▸ Records for the task:

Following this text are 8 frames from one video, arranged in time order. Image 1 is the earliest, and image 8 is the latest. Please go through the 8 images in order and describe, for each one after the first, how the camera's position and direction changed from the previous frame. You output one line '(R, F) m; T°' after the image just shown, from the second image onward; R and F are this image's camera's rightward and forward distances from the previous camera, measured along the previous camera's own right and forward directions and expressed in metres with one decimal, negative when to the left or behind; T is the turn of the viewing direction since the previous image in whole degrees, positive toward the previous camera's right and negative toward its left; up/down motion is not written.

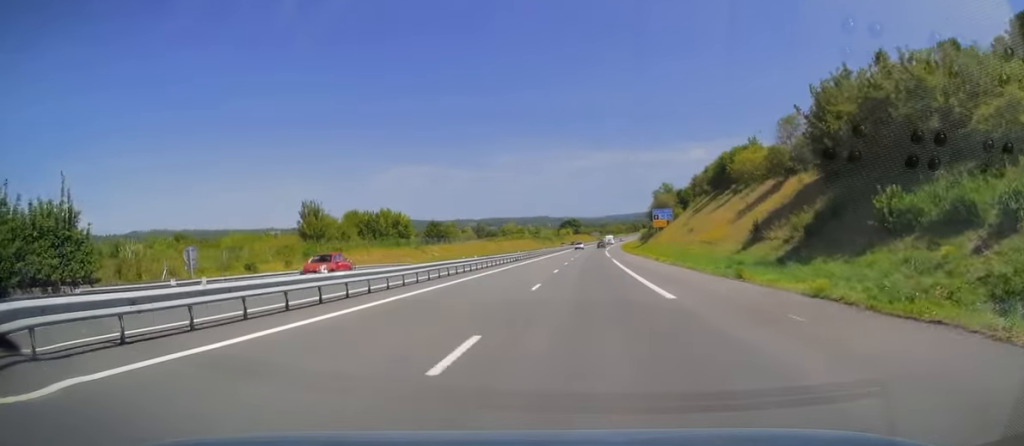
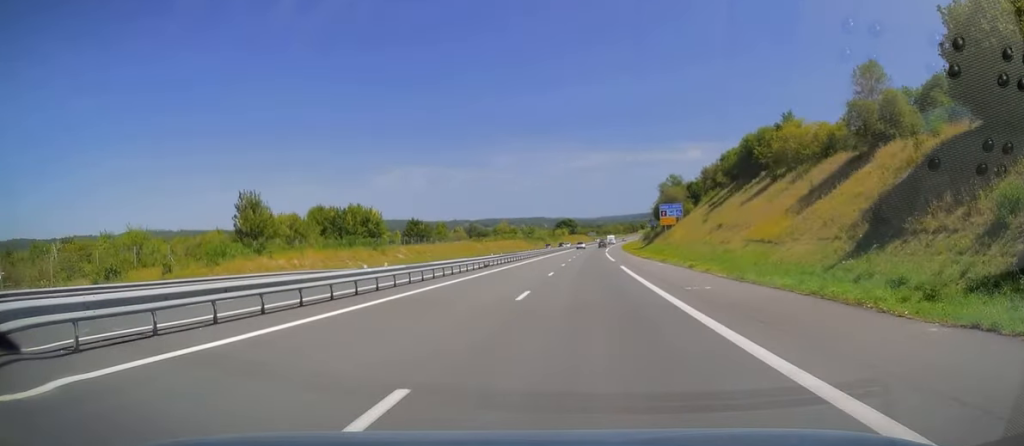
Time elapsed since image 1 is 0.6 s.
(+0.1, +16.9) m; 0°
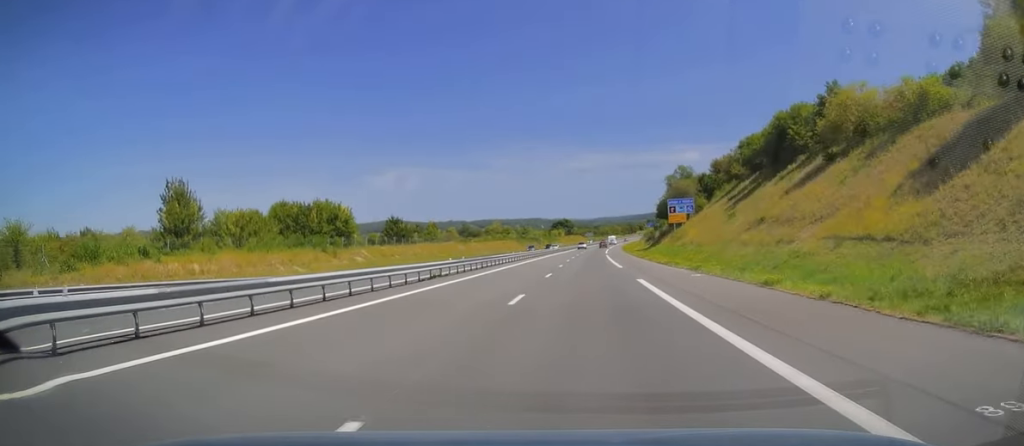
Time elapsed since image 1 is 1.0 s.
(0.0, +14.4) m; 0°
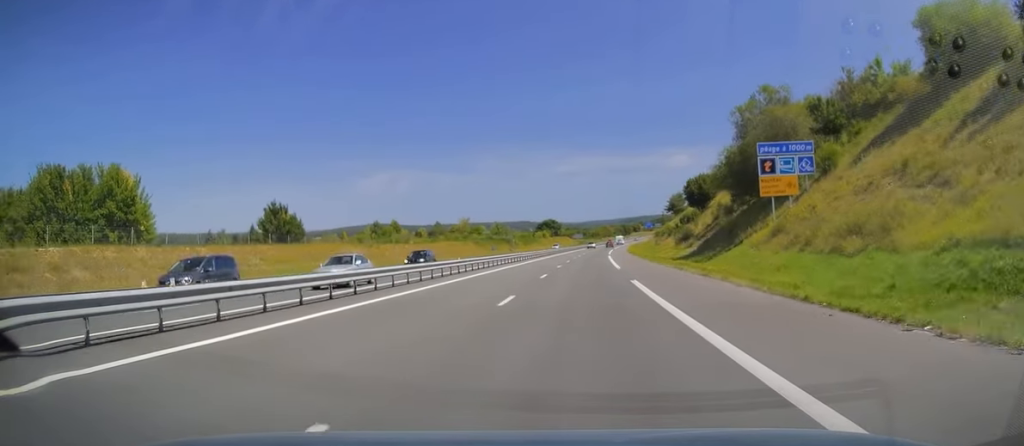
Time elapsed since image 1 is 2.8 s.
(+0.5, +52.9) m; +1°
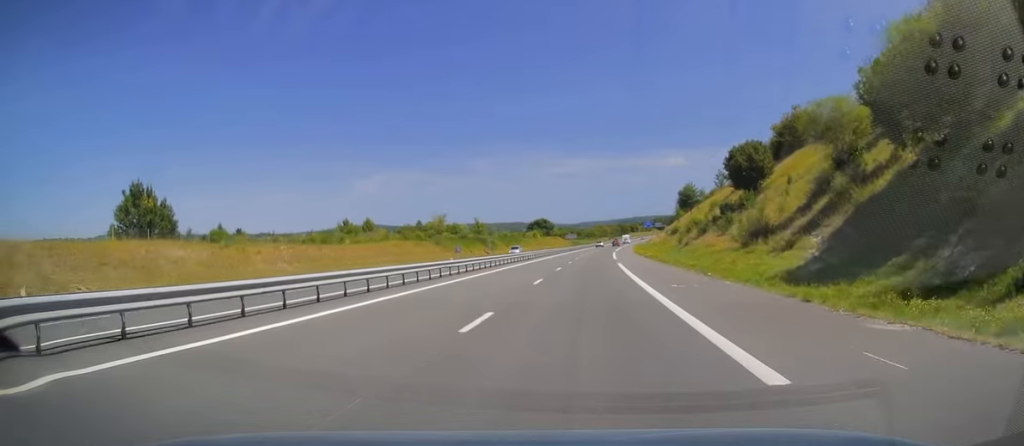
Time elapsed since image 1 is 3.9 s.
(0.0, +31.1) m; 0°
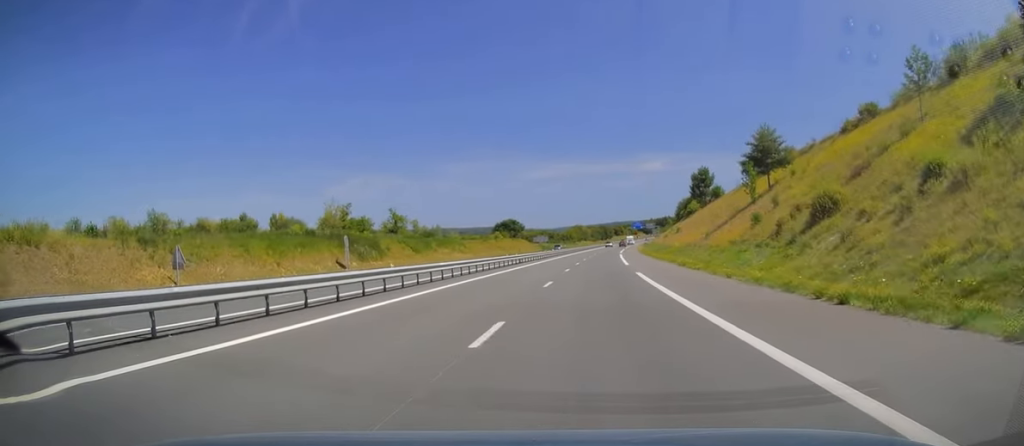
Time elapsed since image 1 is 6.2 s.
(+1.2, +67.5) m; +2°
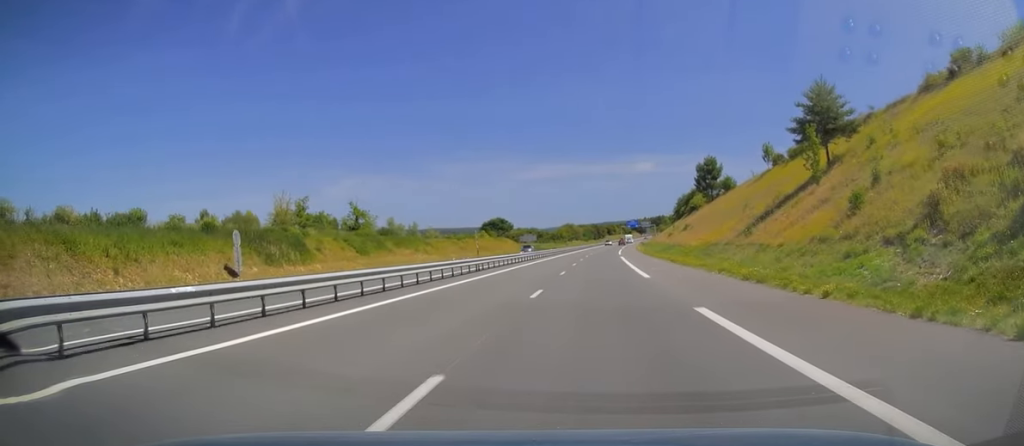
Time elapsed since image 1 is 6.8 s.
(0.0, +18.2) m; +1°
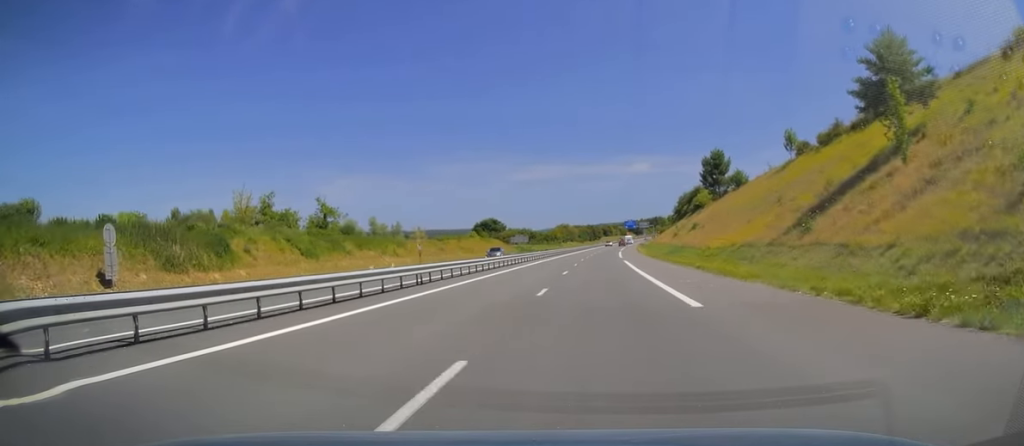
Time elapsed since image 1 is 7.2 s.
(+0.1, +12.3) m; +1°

▸ Problem:
From the line with "Time elapsed since image 1 is 6.2 s." to the last line of the material, both inclusive, set down every line exactly and nothing else; omit pictures.

▸ Task response:
Time elapsed since image 1 is 6.2 s.
(+1.2, +67.5) m; +2°
Time elapsed since image 1 is 6.8 s.
(0.0, +18.2) m; +1°
Time elapsed since image 1 is 7.2 s.
(+0.1, +12.3) m; +1°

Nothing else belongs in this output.